Religious sisters show their support for the Little Sisters of the Poor outside the Supreme Court, where oral arguments were heard on March 23, 2016, in the Zubik v. Burwell case against the HHS mandate. / Credit: CNA
Washington, D.C. Newsroom, Dec 15, 2025 / 18:06 pm (CNA).
The 14-year legal battle against federal contraceptive mandates will continue, with Little Sisters of the Poor and the federal government seeking to reinstate moral and religious exemptions that were established in 2017.
Little Sisters of the Poor have already won religious freedom cases on this subject twice at the Supreme Court level. The high court ruled in 2016 that the federal government must protect religious freedoms for those who oppose the contraceptives and in 2020 ruled that the federal government had the legal authority to adopt the broad exemptions established in 2017.
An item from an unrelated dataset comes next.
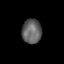
Tissue: skin
Cell type: Endothelial cells
Senescence score: 0.6993
Nuclear area (px): 470
Mean DAPI intensity: 97.889

Those exemptions fully covered employers that had religious or moral objections to providing the contraceptives, some of which can be abortifacient. Under the rules, those employers were not required to include any contraceptive coverage in their insurance plans for employees.
In spite of the prior Supreme Court wins, a federal court in August 2025 struck down the 2017 exemptions on grounds that the Supreme Court had not yet ruled on.
Because the Supreme Court left some questions open, the attorneys general in two states that disapprove of the exemptions — Pennsylvania and New Jersey — continued their legal battle on different grounds. Those legal arguments allege that the adoption of the rules did not comply with the Administrative Procedure Act (APA), which the Supreme Court had not ruled on.
In the August ruling, Judge Wendy Beetlestone found that the rules did not comply with the APA, ruling instead that the rules are arbitrary and capricious.
“The agencies’ actions in promulgating the rule were arbitrary and capricious — in that they failed to ‘articulate a satisfactory explanation for [their] action[s] including a ‘rational connection between the facts found and the choices made,’” Beetlestone wrote in her opinion.
Little Sisters of the Poor are represented by the Becket Fund for Religious Liberty, whose lawyers say the appellate court should overturn that decision and bring the legal dispute to an end.
“The 14-year legal crusade against the Little Sisters has been needless, grotesque, and un-American,” Mark Rienzi, president of Becket and lead attorney for the sisters, said in a statement.
“The states have no business trying to take away the Little Sisters’ federal civil rights. The 3rd Circuit should toss the states’ lawsuit into the dustbin of history and uphold the protection the Little Sisters already won at the Supreme Court … twice,” he said.
In the appeal, the lawyers cite the legal precedent from the 2016 and 2020 cases that required religious exemptions and upheld the rules. They warn that the August 2025 ruling could create a “constitutional conflict” because the original mandate cannot legally be reimposed.
“The appellee states maintain that state governments somehow have an interest in forcing the federal government to force religious objectors to comply with the federal contraceptive mandate — even though the federal government need not have any contraceptive mandate at all, and even though the states themselves have chosen not to have such mandates of their own,” the lawsuit notes.